Excerpts from a dataset ::
[Start of section]
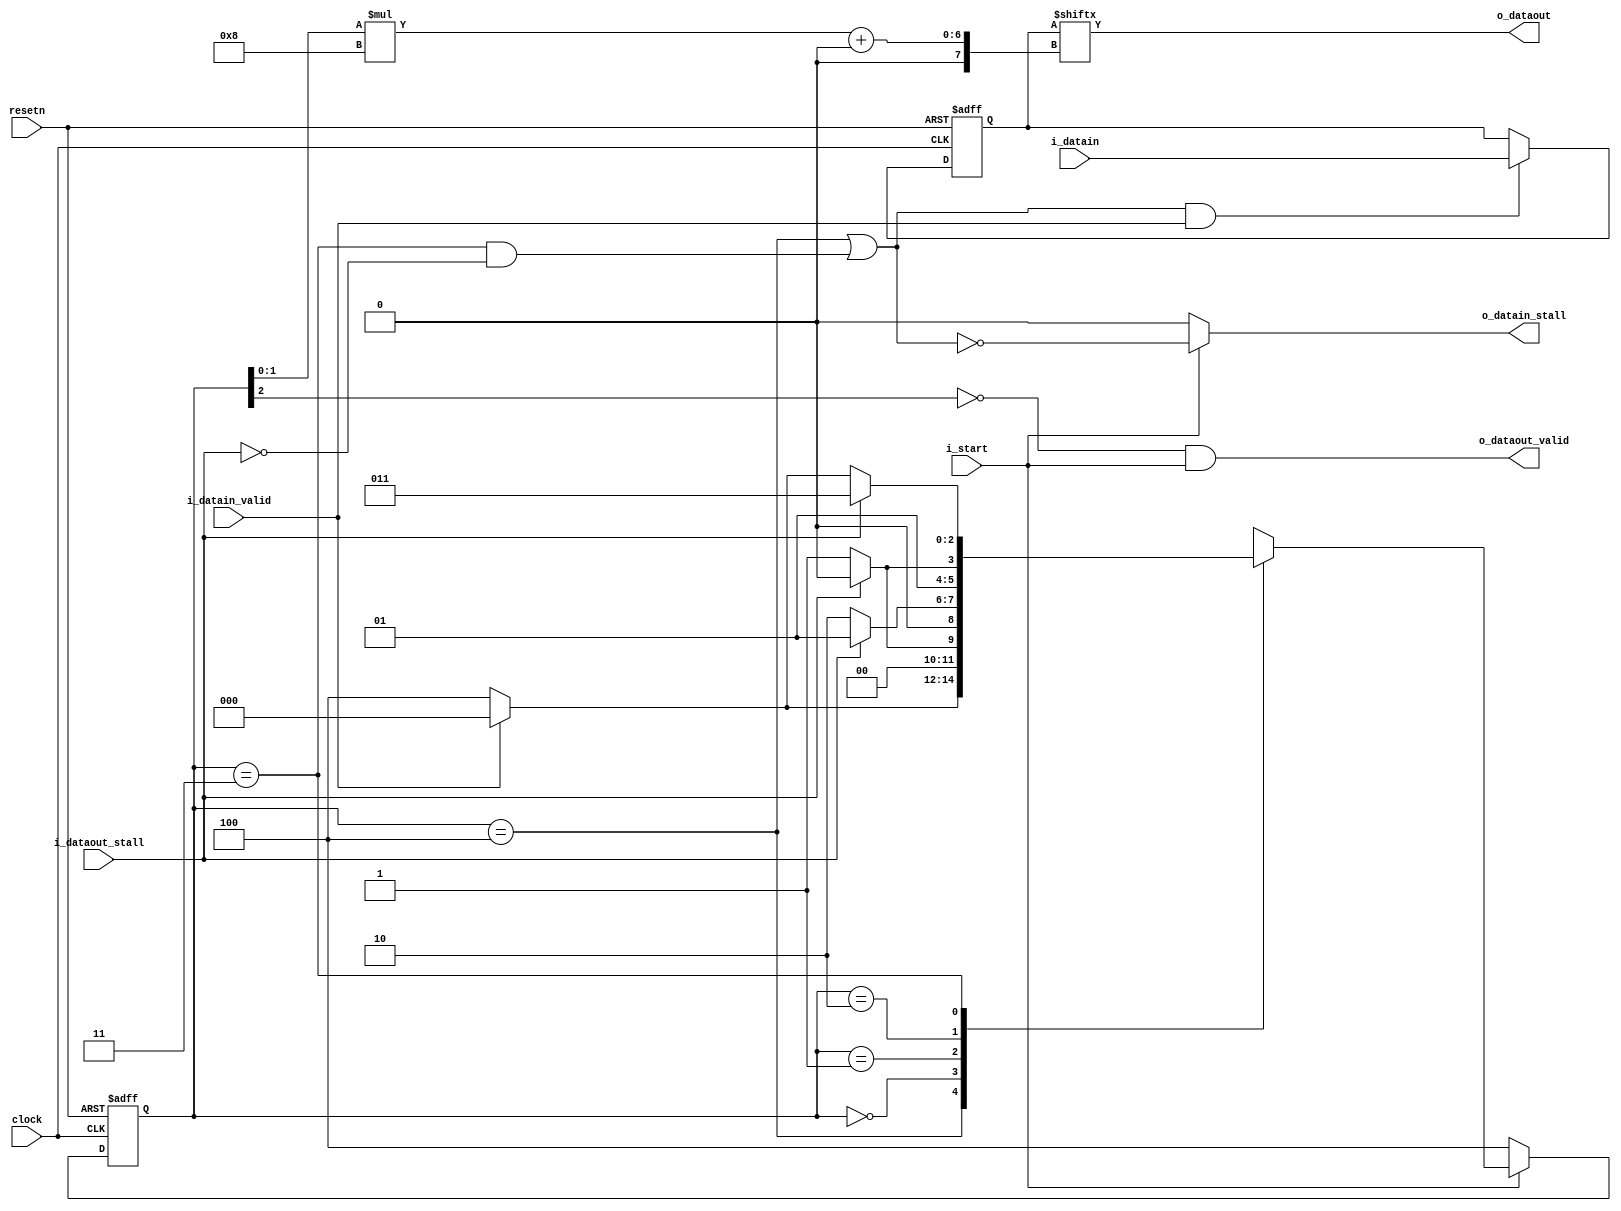
module vfabric_down_converter(clock, resetn, i_start,
  i_datain, i_datain_valid, o_datain_stall, 
  o_dataout, i_dataout_stall, o_dataout_valid);
parameter DATAIN_WIDTH = 32;
parameter DATAOUT_WIDTH = 8;
 input clock, resetn, i_start;
 input [DATAIN_WIDTH-1:0] i_datain;
 input i_datain_valid;
 output o_datain_stall;
 output [DATAOUT_WIDTH-1:0] o_dataout;
 input i_dataout_stall;
 output o_dataout_valid;
parameter s_IDLE = 3'b100;
parameter s_SEND_B1 = 3'b000;
parameter s_SEND_B2 = 3'b001;
parameter s_SEND_B3 = 3'b010;
parameter s_SEND_B4 = 3'b011;
reg [2:0] present_state, next_state;
reg [DATAIN_WIDTH-1:0] data_to_send;
wire latch_new_data;
always@(*)
begin
   case (present_state)
    s_IDLE: if (i_datain_valid)
                next_state <= s_SEND_B1;
             else
                next_state <= s_IDLE;
    s_SEND_B1: if (!i_dataout_stall)
                 next_state <= s_SEND_B2; 
               else 
                 next_state <= s_SEND_B1; 
    s_SEND_B2: if (!i_dataout_stall)
                 next_state <= s_SEND_B3; 
               else 
                 next_state <= s_SEND_B2; 
    s_SEND_B3: if (!i_dataout_stall)
                 next_state <= s_SEND_B4; 
               else 
                 next_state <= s_SEND_B3; 
    s_SEND_B4: if (!i_dataout_stall)
                 next_state <= i_datain_valid ? s_SEND_B1 : s_IDLE;
               else 
                 next_state <= s_SEND_B4;
    default: next_state <= 3'bxxx;
   endcase	 
end
always@(posedge clock or negedge resetn)
begin
  if (~resetn)
    data_to_send <= {DATAIN_WIDTH{1'b0}};
  else
    data_to_send <= (latch_new_data & i_datain_valid) ? 
                        i_datain : data_to_send;
end 
always@(posedge clock or negedge resetn)
begin
  if (~resetn)
     present_state <= s_IDLE;
  else
     present_state <= (i_start) ? next_state : s_IDLE;
end
  assign o_dataout = data_to_send[present_state[1:0]*DATAOUT_WIDTH +: DATAOUT_WIDTH];
  assign o_dataout_valid = ~present_state[2] & i_start;
  assign latch_new_data = (present_state == s_IDLE) || 
                          ((present_state == s_SEND_B4) & ~i_dataout_stall);
  assign o_datain_stall = (i_start) ? ~latch_new_data : 1'b0;
endmodule
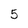
Character: 5
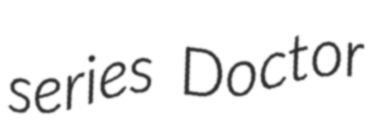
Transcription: series Doctor
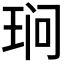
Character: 𮴖
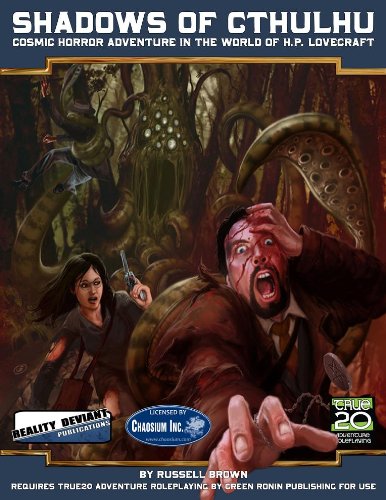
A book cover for Shadows of Cthulhu; Russell Brown; Science Fiction & Fantasy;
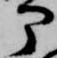
部
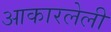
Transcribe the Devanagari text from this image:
आकारलेली
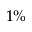
1 \%
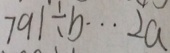
7 9 1 \div b \cdots 2 a
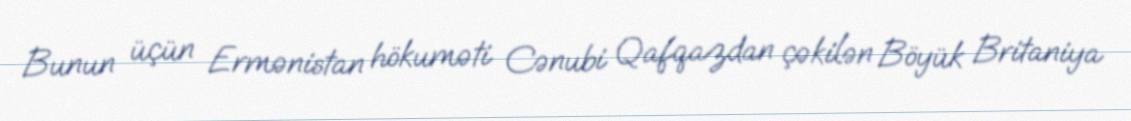
Bunun üçün Ermənistan hökuməti Cənubi Qafqazdan çəkilən Böyük Britaniya
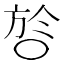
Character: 㫈
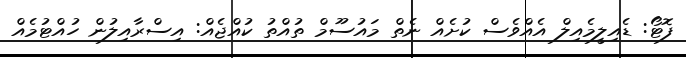
ފޮޓޯ: ޑެއިލީމެއިލް އެއްވެސް ކުށެއް ނެތް މައުސޫމް ތުއްތު ކުއްޖެއް: އިސްރާއިލުން ހުއްޓުމެއް
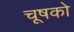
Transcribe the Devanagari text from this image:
चूषको
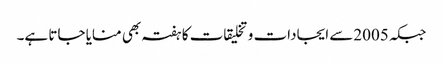
جبکہ 2005سے ایجادات و تخلیقات کا ہفتہ بھی منایا جاتا ہے۔
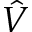
\hat { V }
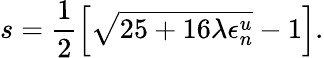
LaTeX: s=\frac{1}{2}\left[\sqrt{25+16\lambda\epsilon_{n}^{u}}-1\right].
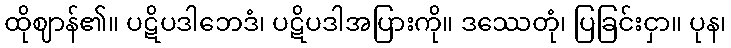
ထိုဈာန်၏။ ပဋိပဒါဘေဒံ၊ ပဋိပဒါအပြားကို။ ဒဿေတုံ၊ ပြခြင်းငှာ။ ပုန၊
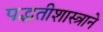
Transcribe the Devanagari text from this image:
पद्धतीशास्त्राने
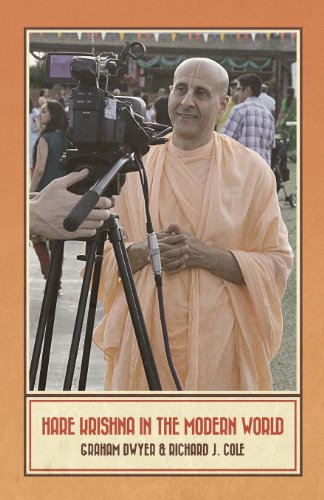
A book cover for Hare Krishna in the Modern World; Religion & Spirituality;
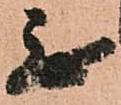
無
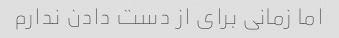
اما زمانی برای از دست دادن ندارم
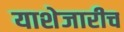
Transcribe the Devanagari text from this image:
याशेजारीच
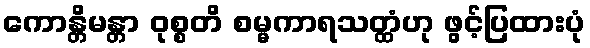
ကောန္တိမန္တာ ဝုစ္စတိ စမ္မကာရသတ္ထံဟု ဖွင့်ပြထားပုံ
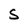
Character: s
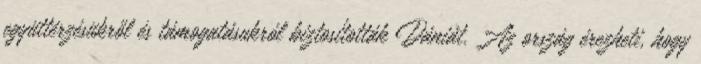
együttérzésükről és támogatásukról biztosították Dániát. Az ország érezheti, hogy
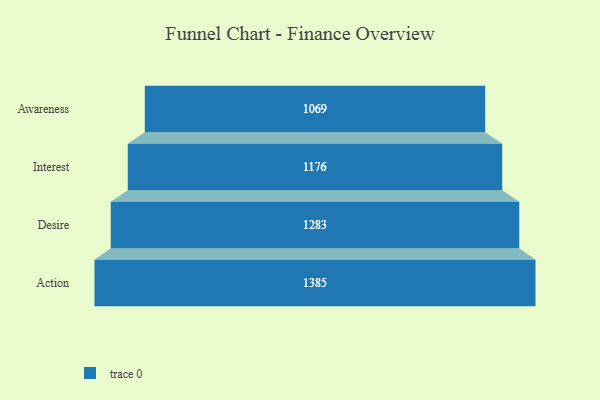
{"axis": {"x": "Stage", "y": "Value"}, "legend": [""], "data": [{"x": "Awareness", "y": 1069.0, "type": ""}, {"x": "Interest", "y": 1176.0, "type": ""}, {"x": "Desire", "y": 1283.0, "type": ""}, {"x": "Action", "y": 1385.0, "type": ""}]}
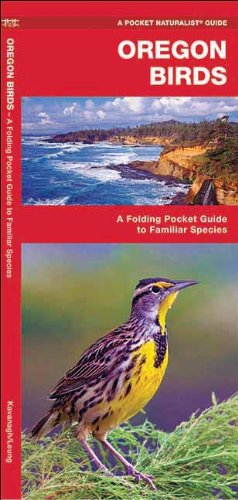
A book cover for Oregon Birds: A Folding Pocket Guide to Familiar Species (Pocket Naturalist Guide Series); James Kavanagh; Travel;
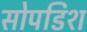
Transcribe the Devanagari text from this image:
सोपडिश
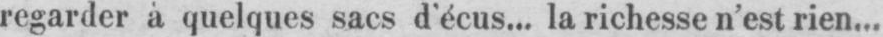
regarder à quelques sacs d’écus... la richesse n’est rien...
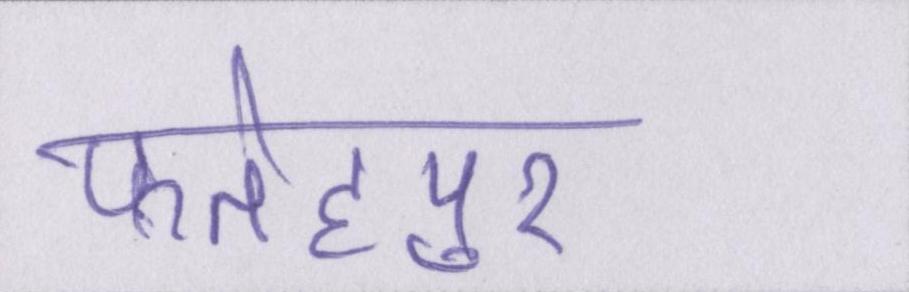
फतेहपुर
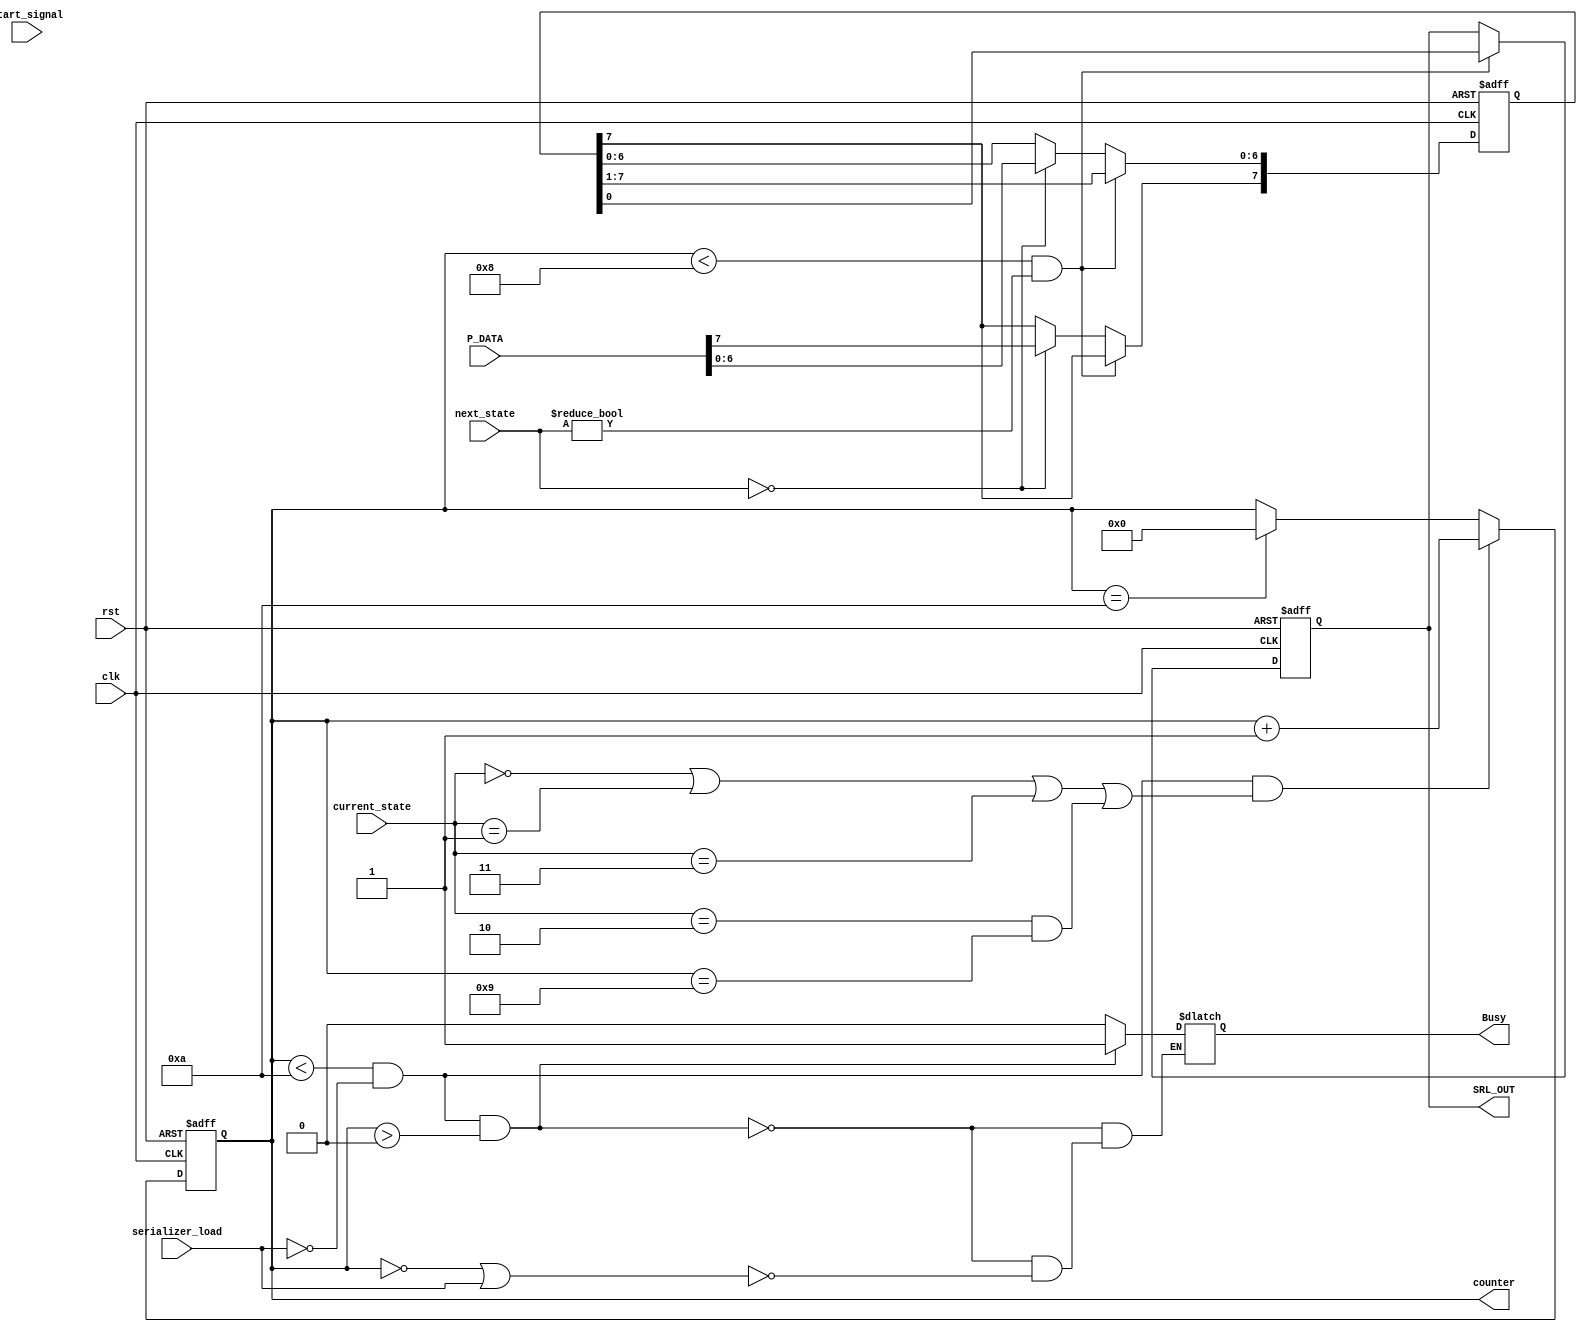
//1-make busy output and edit the code according to that
//2- busy && !serializer_load
//3- generate busy

module serializer #(  //passed testing
    parameter 
    WIDTH=8,

    LIFT_SER_LOAD=0,
    SEL_START=1,
    SEL_STP=2,
    SEL_SRL=3,
    SEL_PAR=4
) (
    input [WIDTH-1 : 0]  P_DATA,
    input                serializer_load,
    input                start_signal,
    input [2:0]          current_state,
    input [2:0]          next_state,

    input clk ,
    input rst ,

    output  reg          Busy,
    output  reg          SRL_OUT,
//    output  reg          SRL_done,
    output reg [3:0]     counter
);

reg [WIDTH-1 : 0] prallel_serial_reg;


//prallel_serial_reg && SRL_OUT assigning block
always @(posedge clk or negedge rst) 
begin
    if(!rst)
    begin
        prallel_serial_reg<=0;
        SRL_OUT<=0;
    end
    
    //we could have used Busy inside this condition 
    //but Busy is 1 not only during transmmision but also during start bit
    else if(counter < WIDTH && next_state != LIFT_SER_LOAD) //??
    begin
        {prallel_serial_reg[6:0],SRL_OUT}<= prallel_serial_reg;
    end

    else if(next_state == LIFT_SER_LOAD)
    begin
        prallel_serial_reg<=P_DATA;
    end
end




//Busy assigning block
always @(*) 
begin
  
  if(counter < WIDTH+2 && !serializer_load && counter>0) 
      begin
        Busy=1;
      end


  else if(counter == 0 || serializer_load) 
      begin  
        Busy=0;
      end

  // else
  //    begin
  //     Busy=1;
  //    end

end


//counter assigning blocks
always @(posedge clk or negedge rst) 
begin
    if(!rst)
    begin
        counter<=0;
    end

    else
    begin
     //if serializer_load is 0  ,SRL_done will not change  
     
     if(counter < WIDTH+2 && !serializer_load  //DON'T FORGET TO EDIT
     && (current_state == LIFT_SER_LOAD ||current_state == SEL_START || current_state == SEL_SRL || (current_state == SEL_STP && counter == WIDTH+1)))
      begin
        counter<=counter+1;
      end

     else if(counter == WIDTH+2) // srl_done must not be1 until parity bit is sent
      begin  //at this time FSM will set serializer load to 1
        counter<=0;
      end
    end
end

endmodule
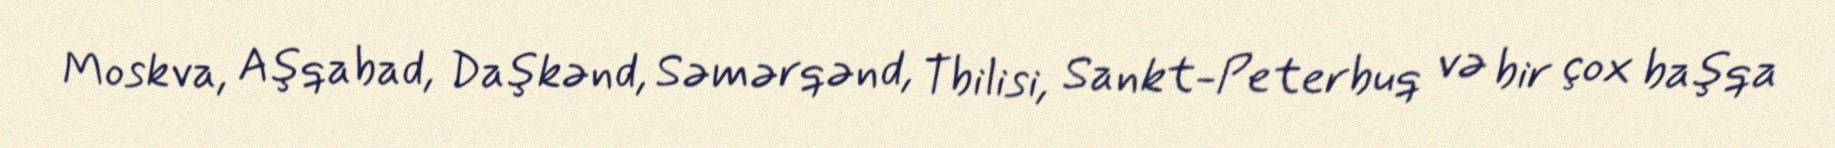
[End of section]
DIRECTIONS FOR THIS TASK :: Starting at the first line of the records above, set down each line exactly through the one that holds "parameter s_SEND_B2 = 3'b001;". Omit pictures.

TASK SOLUTION ::
module vfabric_down_converter(clock, resetn, i_start,
  i_datain, i_datain_valid, o_datain_stall, 
  o_dataout, i_dataout_stall, o_dataout_valid);
parameter DATAIN_WIDTH = 32;
parameter DATAOUT_WIDTH = 8;
 input clock, resetn, i_start;
 input [DATAIN_WIDTH-1:0] i_datain;
 input i_datain_valid;
 output o_datain_stall;
 output [DATAOUT_WIDTH-1:0] o_dataout;
 input i_dataout_stall;
 output o_dataout_valid;
parameter s_IDLE = 3'b100;
parameter s_SEND_B1 = 3'b000;
parameter s_SEND_B2 = 3'b001;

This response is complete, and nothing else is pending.